DATASET:
______

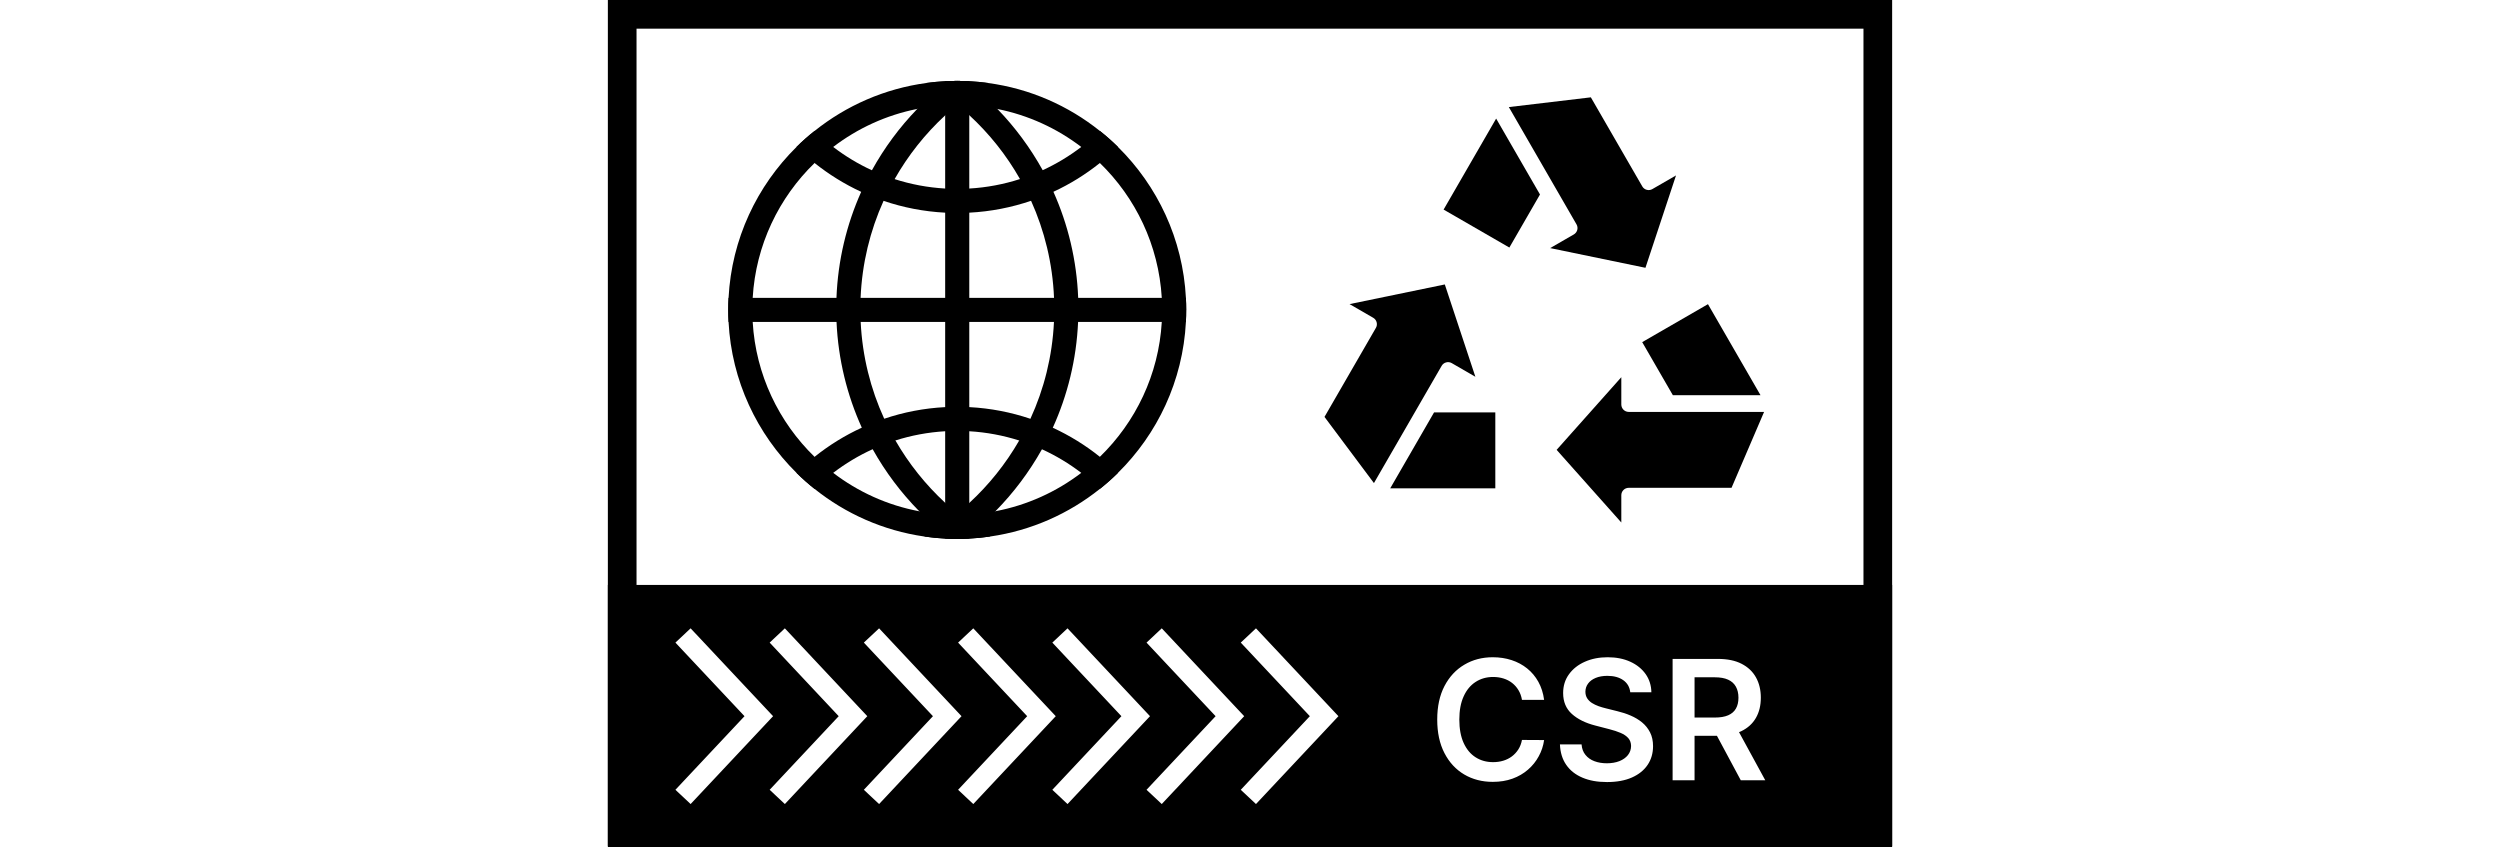 <svg width="118" height="40" viewBox="0 0 118 40" fill="none" xmlns="http://www.w3.org/2000/svg">
<path d="M28.691 27.608V40H89.309V27.608H28.691ZM78.947 31.101H81.093C81.533 31.101 81.902 31.177 82.201 31.33C82.5 31.483 82.728 31.697 82.881 31.972C83.035 32.247 83.111 32.567 83.111 32.932C83.111 33.298 83.034 33.617 82.878 33.887C82.723 34.156 82.494 34.364 82.191 34.511C82.156 34.528 82.119 34.544 82.082 34.558L83.32 36.827H82.164L81.039 34.729H79.983V36.827H78.947V31.101ZM76.856 34.84C76.769 34.742 76.65 34.66 76.496 34.594C76.343 34.528 76.163 34.469 75.958 34.417L75.307 34.248C74.835 34.128 74.463 33.943 74.19 33.696C73.917 33.45 73.78 33.122 73.78 32.711C73.78 32.374 73.871 32.079 74.056 31.825C74.239 31.572 74.489 31.374 74.806 31.234C75.122 31.093 75.481 31.022 75.882 31.022C76.284 31.022 76.645 31.093 76.951 31.234C77.258 31.374 77.499 31.57 77.675 31.818C77.849 32.066 77.94 32.353 77.945 32.675H76.948C76.921 32.431 76.811 32.241 76.619 32.105C76.426 31.968 76.175 31.9 75.868 31.9C75.653 31.9 75.467 31.934 75.312 31.999C75.157 32.064 75.039 32.153 74.958 32.264C74.875 32.375 74.833 32.503 74.831 32.647C74.831 32.766 74.859 32.87 74.913 32.957C74.969 33.044 75.044 33.119 75.138 33.18C75.234 33.24 75.339 33.29 75.454 33.332C75.57 33.373 75.687 33.407 75.804 33.435L76.341 33.569C76.557 33.62 76.766 33.688 76.965 33.774C77.165 33.86 77.346 33.967 77.505 34.097C77.665 34.229 77.79 34.386 77.884 34.571C77.977 34.755 78.024 34.971 78.024 35.219C78.024 35.555 77.938 35.849 77.767 36.103C77.595 36.358 77.347 36.556 77.024 36.699C76.701 36.841 76.311 36.913 75.852 36.913C75.393 36.913 75.02 36.844 74.693 36.706C74.366 36.568 74.11 36.367 73.927 36.102C73.743 35.838 73.644 35.515 73.629 35.135H74.65C74.665 35.335 74.726 35.501 74.835 35.632C74.942 35.765 75.083 35.864 75.258 35.929C75.431 35.994 75.627 36.027 75.843 36.027C76.06 36.027 76.266 35.993 76.437 35.925C76.608 35.856 76.741 35.761 76.838 35.64C76.935 35.518 76.985 35.374 76.987 35.21C76.985 35.062 76.94 34.937 76.856 34.84ZM68.18 32.38C68.41 31.941 68.723 31.605 69.118 31.373C69.512 31.139 69.96 31.022 70.459 31.022C70.778 31.022 71.074 31.068 71.347 31.157C71.622 31.246 71.867 31.378 72.081 31.55C72.295 31.722 72.472 31.932 72.611 32.182C72.749 32.431 72.84 32.713 72.882 33.033H71.837C71.808 32.861 71.752 32.709 71.672 32.576C71.592 32.443 71.493 32.33 71.373 32.236C71.254 32.143 71.119 32.073 70.966 32.025C70.815 31.978 70.651 31.953 70.475 31.953C70.164 31.953 69.889 32.032 69.649 32.187C69.408 32.343 69.219 32.569 69.084 32.87C68.948 33.169 68.88 33.533 68.88 33.963C68.88 34.394 68.948 34.77 69.085 35.069C69.222 35.368 69.41 35.594 69.65 35.745C69.889 35.898 70.164 35.973 70.473 35.973C70.644 35.973 70.805 35.951 70.955 35.905C71.105 35.86 71.24 35.792 71.361 35.702C71.48 35.612 71.582 35.503 71.665 35.373C71.749 35.242 71.805 35.093 71.837 34.925L72.882 34.931C72.843 35.203 72.76 35.459 72.629 35.696C72.5 35.935 72.332 36.145 72.122 36.327C71.913 36.509 71.67 36.651 71.391 36.752C71.11 36.854 70.8 36.904 70.459 36.904C69.956 36.904 69.506 36.788 69.111 36.555C68.716 36.322 68.405 35.985 68.178 35.546C67.95 35.106 67.837 34.578 67.837 33.963C67.837 33.348 67.951 32.819 68.18 32.38ZM59.282 29.657L63.174 33.804L59.282 37.951L58.564 37.278L61.825 33.804L58.564 30.331L59.282 29.657ZM54.835 29.657L58.726 33.804L54.835 37.951L54.116 37.278L57.377 33.804L54.116 30.331L54.835 29.657ZM50.387 29.657L54.28 33.804L50.387 37.951L49.67 37.278L52.931 33.804L49.67 30.331L50.387 29.657ZM45.939 29.657L49.832 33.804L45.939 37.951L45.222 37.278L48.483 33.804L45.222 30.331L45.939 29.657ZM41.493 29.657L45.384 33.804L41.493 37.951L40.774 37.278L44.035 33.804L40.774 30.331L41.493 29.657ZM37.045 29.657L40.937 33.804L37.045 37.951L36.328 37.278L39.587 33.804L36.328 30.331L37.045 29.657ZM31.88 30.331L32.597 29.657L36.49 33.804L32.597 37.951L31.88 37.278L35.141 33.804L31.88 30.331ZM81.571 33.761C81.735 33.689 81.857 33.584 81.935 33.445C82.015 33.306 82.055 33.135 82.055 32.932C82.055 32.729 82.014 32.555 81.934 32.411C81.854 32.266 81.733 32.156 81.568 32.081C81.404 32.005 81.192 31.968 80.934 31.968H79.983V33.868H80.939C81.196 33.868 81.406 33.833 81.571 33.761Z" fill="black"/>
<path d="M28.691 0V39.929H89.309V0H28.691ZM87.956 38.576H30.044V1.353H87.956V38.576Z" fill="black"/>
<path d="M55.975 14.059C55.831 11.278 54.63 8.772 52.768 6.936C52.498 6.668 52.212 6.416 51.914 6.18C50.425 4.989 48.616 4.184 46.638 3.918C46.346 3.877 46.049 3.849 45.75 3.834C45.704 3.831 45.657 3.829 45.611 3.828C45.469 3.822 45.325 3.819 45.181 3.819C45.038 3.819 44.9 3.822 44.761 3.828C44.712 3.829 44.662 3.831 44.612 3.834C44.316 3.849 44.022 3.877 43.733 3.916C41.751 4.182 39.938 4.988 38.447 6.181C38.149 6.416 37.864 6.669 37.595 6.936C35.733 8.774 34.532 11.278 34.388 14.059C34.378 14.247 34.372 14.438 34.372 14.627C34.372 14.817 34.378 15.009 34.388 15.197C34.532 17.977 35.733 20.482 37.595 22.319C37.865 22.587 38.149 22.839 38.448 23.076C39.911 24.246 41.686 25.043 43.624 25.323C43.949 25.372 44.279 25.405 44.612 25.421C44.698 25.426 44.784 25.429 44.87 25.432C44.974 25.435 45.077 25.437 45.181 25.437C45.286 25.437 45.395 25.434 45.502 25.432C45.585 25.429 45.667 25.426 45.75 25.421C46.087 25.405 46.418 25.372 46.745 25.322C48.681 25.042 50.452 24.245 51.914 23.076C52.212 22.839 52.498 22.587 52.768 22.319C54.63 20.483 55.831 17.977 55.975 15.197C55.985 15.009 55.989 14.818 55.989 14.627C55.989 14.437 55.985 14.247 55.975 14.059ZM51.914 21.562C51.638 21.833 51.345 22.085 51.036 22.319C49.865 23.213 48.486 23.845 46.985 24.13C46.581 24.207 46.169 24.257 45.75 24.282C45.591 24.291 45.43 24.296 45.267 24.298C45.238 24.298 45.21 24.298 45.181 24.298C45.156 24.298 45.13 24.298 45.104 24.298C44.939 24.296 44.774 24.291 44.612 24.282C44.196 24.258 43.788 24.208 43.389 24.132C41.883 23.849 40.5 23.215 39.327 22.319C39.018 22.085 38.724 21.833 38.447 21.563C36.764 19.927 35.672 17.688 35.527 15.197C35.516 15.009 35.51 14.819 35.51 14.627C35.51 14.435 35.516 14.247 35.527 14.059C35.672 11.568 36.764 9.327 38.448 7.694C38.725 7.422 39.019 7.17 39.327 6.936C40.475 6.059 41.826 5.433 43.295 5.141C43.724 5.055 44.164 4.999 44.612 4.973C44.798 4.963 44.983 4.957 45.17 4.957H45.2C45.386 4.957 45.568 4.963 45.75 4.973C46.202 5 46.645 5.057 47.078 5.144C48.543 5.437 49.891 6.061 51.036 6.936C51.345 7.171 51.638 7.423 51.914 7.694C53.598 9.327 54.689 11.568 54.836 14.059C54.847 14.247 54.852 14.437 54.852 14.627C54.852 14.818 54.847 15.009 54.836 15.197C54.691 17.688 53.598 19.927 51.914 21.562Z" fill="black"/>
<path d="M50.89 14.059C50.821 12.282 50.411 10.592 49.721 9.052C49.566 8.704 49.397 8.365 49.215 8.033C48.63 6.977 47.911 6.005 47.078 5.144C46.774 4.829 46.456 4.529 46.124 4.246C46.001 4.14 45.876 4.038 45.75 3.937C45.704 3.902 45.659 3.866 45.611 3.828C45.469 3.822 45.325 3.819 45.181 3.819C45.038 3.819 44.9 3.822 44.761 3.828C44.712 3.829 44.662 3.831 44.612 3.834C44.316 3.849 44.022 3.877 43.733 3.916C43.907 4.022 44.078 4.133 44.248 4.246C44.371 4.328 44.493 4.415 44.612 4.503C44.807 4.645 44.999 4.791 45.185 4.945C45.19 4.948 45.195 4.952 45.2 4.957C45.388 5.111 45.571 5.271 45.75 5.438C46.696 6.309 47.505 7.325 48.143 8.451C48.333 8.785 48.507 9.127 48.666 9.477C49.301 10.886 49.683 12.432 49.75 14.059C49.758 14.235 49.762 14.411 49.762 14.588C49.762 14.792 49.757 14.995 49.747 15.197C49.67 16.82 49.279 18.364 48.635 19.767C48.474 20.118 48.298 20.46 48.106 20.792C47.472 21.892 46.677 22.886 45.75 23.739C45.568 23.91 45.379 24.074 45.185 24.231C45.158 24.255 45.132 24.277 45.104 24.298C44.944 24.428 44.779 24.553 44.612 24.674C44.493 24.761 44.371 24.848 44.248 24.931C44.045 25.068 43.837 25.199 43.624 25.323C43.949 25.372 44.279 25.405 44.612 25.421C44.698 25.426 44.784 25.429 44.87 25.432C44.974 25.435 45.077 25.437 45.181 25.437C45.286 25.437 45.395 25.434 45.502 25.432C45.586 25.368 45.669 25.304 45.75 25.239C45.876 25.139 46.001 25.036 46.124 24.931C46.421 24.677 46.708 24.408 46.985 24.13C47.84 23.261 48.58 22.278 49.18 21.205C49.365 20.875 49.536 20.536 49.692 20.189C50.389 18.654 50.807 16.969 50.886 15.197C50.896 14.995 50.9 14.792 50.9 14.588C50.9 14.411 50.897 14.235 50.89 14.059Z" fill="black"/>
<path d="M46.124 24.931C45.997 24.846 45.873 24.758 45.75 24.668C45.586 24.549 45.425 24.426 45.267 24.298C45.239 24.277 45.212 24.255 45.185 24.231C44.988 24.073 44.799 23.905 44.612 23.732C43.688 22.878 42.895 21.887 42.264 20.79C42.072 20.458 41.896 20.116 41.735 19.765C41.092 18.363 40.702 16.819 40.624 15.197C40.613 14.995 40.608 14.792 40.608 14.588C40.608 14.411 40.613 14.235 40.62 14.059C40.688 12.433 41.068 10.888 41.704 9.48C41.862 9.129 42.038 8.787 42.226 8.454C42.863 7.331 43.67 6.315 44.612 5.445C44.794 5.276 44.98 5.113 45.17 4.957C45.176 4.952 45.18 4.948 45.185 4.945C45.37 4.795 45.558 4.648 45.75 4.509C45.873 4.418 45.997 4.331 46.124 4.246C46.292 4.133 46.463 4.022 46.638 3.918C46.346 3.877 46.049 3.849 45.75 3.834C45.704 3.831 45.657 3.829 45.611 3.828C45.469 3.822 45.325 3.819 45.181 3.819C45.038 3.819 44.9 3.822 44.761 3.828C44.71 3.866 44.661 3.905 44.612 3.945C44.489 4.043 44.367 4.144 44.248 4.246C43.916 4.529 43.597 4.828 43.295 5.141C42.459 6.005 41.739 6.978 41.154 8.037C40.971 8.368 40.801 8.708 40.648 9.055C39.959 10.595 39.549 12.284 39.481 14.059C39.474 14.235 39.471 14.411 39.471 14.588C39.471 14.792 39.475 14.995 39.484 15.197C39.563 16.967 39.982 18.652 40.677 20.186C40.835 20.533 41.004 20.872 41.19 21.202C41.79 22.277 42.531 23.261 43.389 24.132C43.664 24.411 43.95 24.678 44.248 24.931C44.367 25.033 44.489 25.133 44.612 25.231C44.697 25.3 44.783 25.366 44.87 25.432C44.974 25.435 45.077 25.437 45.181 25.437C45.286 25.437 45.395 25.434 45.502 25.432C45.585 25.429 45.667 25.426 45.75 25.421C46.087 25.405 46.418 25.372 46.745 25.322C46.533 25.198 46.327 25.068 46.124 24.931Z" fill="black"/>
<path d="M51.914 6.18C51.638 6.45 51.345 6.702 51.036 6.936C50.475 7.365 49.864 7.734 49.215 8.033C48.868 8.194 48.511 8.333 48.143 8.451C47.382 8.697 46.581 8.851 45.75 8.899C45.562 8.911 45.372 8.916 45.181 8.916C44.991 8.916 44.8 8.911 44.612 8.899C43.785 8.851 42.986 8.699 42.226 8.454C41.859 8.336 41.501 8.197 41.154 8.037C40.502 7.738 39.891 7.368 39.327 6.936C39.018 6.702 38.724 6.45 38.447 6.181C38.149 6.416 37.864 6.669 37.595 6.936C37.865 7.204 38.149 7.456 38.448 7.694C39.12 8.231 39.859 8.69 40.648 9.055C40.991 9.216 41.343 9.357 41.704 9.48C42.624 9.793 43.6 9.986 44.612 10.038C44.8 10.049 44.991 10.054 45.181 10.054C45.372 10.054 45.562 10.049 45.75 10.038C46.764 9.986 47.743 9.792 48.666 9.477C49.026 9.354 49.379 9.213 49.721 9.052C50.509 8.688 51.244 8.23 51.914 7.694C52.212 7.456 52.498 7.204 52.768 6.936C52.498 6.668 52.212 6.416 51.914 6.18Z" fill="black"/>
<path d="M51.914 21.562C51.237 21.018 50.489 20.556 49.692 20.189C49.349 20.029 48.996 19.889 48.635 19.767C47.721 19.458 46.753 19.268 45.75 19.216C45.562 19.207 45.372 19.202 45.181 19.202C44.991 19.202 44.8 19.207 44.612 19.216C43.611 19.268 42.646 19.456 41.735 19.765C41.373 19.886 41.02 20.027 40.677 20.186C39.876 20.553 39.127 21.017 38.447 21.563C38.149 21.798 37.864 22.052 37.595 22.319C37.865 22.587 38.149 22.839 38.448 23.076C38.725 22.804 39.019 22.552 39.327 22.319C39.9 21.881 40.525 21.504 41.19 21.202C41.537 21.043 41.895 20.907 42.264 20.79C43.012 20.552 43.799 20.403 44.612 20.355C44.8 20.344 44.989 20.34 45.181 20.34C45.373 20.34 45.562 20.344 45.75 20.355C46.568 20.403 47.356 20.553 48.106 20.792C48.474 20.908 48.832 21.047 49.18 21.205C49.842 21.507 50.464 21.882 51.036 22.319C51.345 22.553 51.638 22.806 51.914 23.076C52.212 22.839 52.498 22.587 52.768 22.319C52.498 22.05 52.212 21.798 51.914 21.562Z" fill="black"/>
<path d="M55.989 14.627C55.989 14.818 55.985 15.007 55.974 15.196H34.388C34.378 15.007 34.372 14.817 34.372 14.627C34.372 14.438 34.377 14.247 34.388 14.059H55.975C55.985 14.247 55.991 14.438 55.991 14.627H55.989Z" fill="black"/>
<path d="M45.75 3.834V25.421C45.667 25.426 45.584 25.429 45.501 25.43C45.394 25.434 45.288 25.435 45.18 25.435C45.072 25.435 44.972 25.435 44.869 25.432C44.783 25.428 44.697 25.426 44.612 25.421V3.834C44.661 3.83 44.712 3.829 44.761 3.828C44.9 3.822 45.04 3.818 45.18 3.818C45.32 3.818 45.468 3.822 45.609 3.828C45.656 3.828 45.703 3.831 45.75 3.834Z" fill="black"/>
<path d="M69.638 17.784L68.522 17.139C68.441 17.092 68.347 17.08 68.258 17.105C68.168 17.128 68.093 17.186 68.046 17.267L64.85 22.801L62.516 19.678L64.943 15.475C64.99 15.395 65.002 15.3 64.977 15.21C64.954 15.12 64.896 15.046 64.815 14.999L63.699 14.354L68.195 13.426L69.638 17.784Z" fill="black"/>
<path d="M70.579 19.465V23.048H65.619L67.688 19.465H70.579Z" fill="black"/>
<path d="M83.265 19.442L81.728 23.025H76.875C76.683 23.025 76.526 23.181 76.526 23.373V24.662L73.473 21.233L76.526 17.804V19.092C76.526 19.285 76.683 19.442 76.875 19.442H83.265Z" fill="black"/>
<path d="M83.095 18.652H78.958L77.512 16.149L80.616 14.357L83.095 18.652Z" fill="black"/>
<path d="M79.108 8.28L77.665 12.64L73.168 11.71L74.285 11.065C74.365 11.018 74.422 10.943 74.447 10.854C74.471 10.764 74.458 10.669 74.411 10.589L71.217 5.054L75.088 4.594L77.515 8.797C77.561 8.878 77.636 8.936 77.726 8.959C77.816 8.984 77.911 8.972 77.991 8.925L79.108 8.28Z" fill="black"/>
<path d="M72.687 9.18L71.242 11.684L68.138 9.892L70.618 5.597L72.687 9.18Z" fill="black"/>
</svg>

______

TASK DETAILS: Exactly and in full, write out the lines from the one containing "19.442L81.728 23.025H76.875C76.683 23.025" through the end of the listing.

ANSWER TO THIS TASK:
<path d="M83.265 19.442L81.728 23.025H76.875C76.683 23.025 76.526 23.181 76.526 23.373V24.662L73.473 21.233L76.526 17.804V19.092C76.526 19.285 76.683 19.442 76.875 19.442H83.265Z" fill="black"/>
<path d="M83.095 18.652H78.958L77.512 16.149L80.616 14.357L83.095 18.652Z" fill="black"/>
<path d="M79.108 8.28L77.665 12.64L73.168 11.71L74.285 11.065C74.365 11.018 74.422 10.943 74.447 10.854C74.471 10.764 74.458 10.669 74.411 10.589L71.217 5.054L75.088 4.594L77.515 8.797C77.561 8.878 77.636 8.936 77.726 8.959C77.816 8.984 77.911 8.972 77.991 8.925L79.108 8.28Z" fill="black"/>
<path d="M72.687 9.18L71.242 11.684L68.138 9.892L70.618 5.597L72.687 9.18Z" fill="black"/>
</svg>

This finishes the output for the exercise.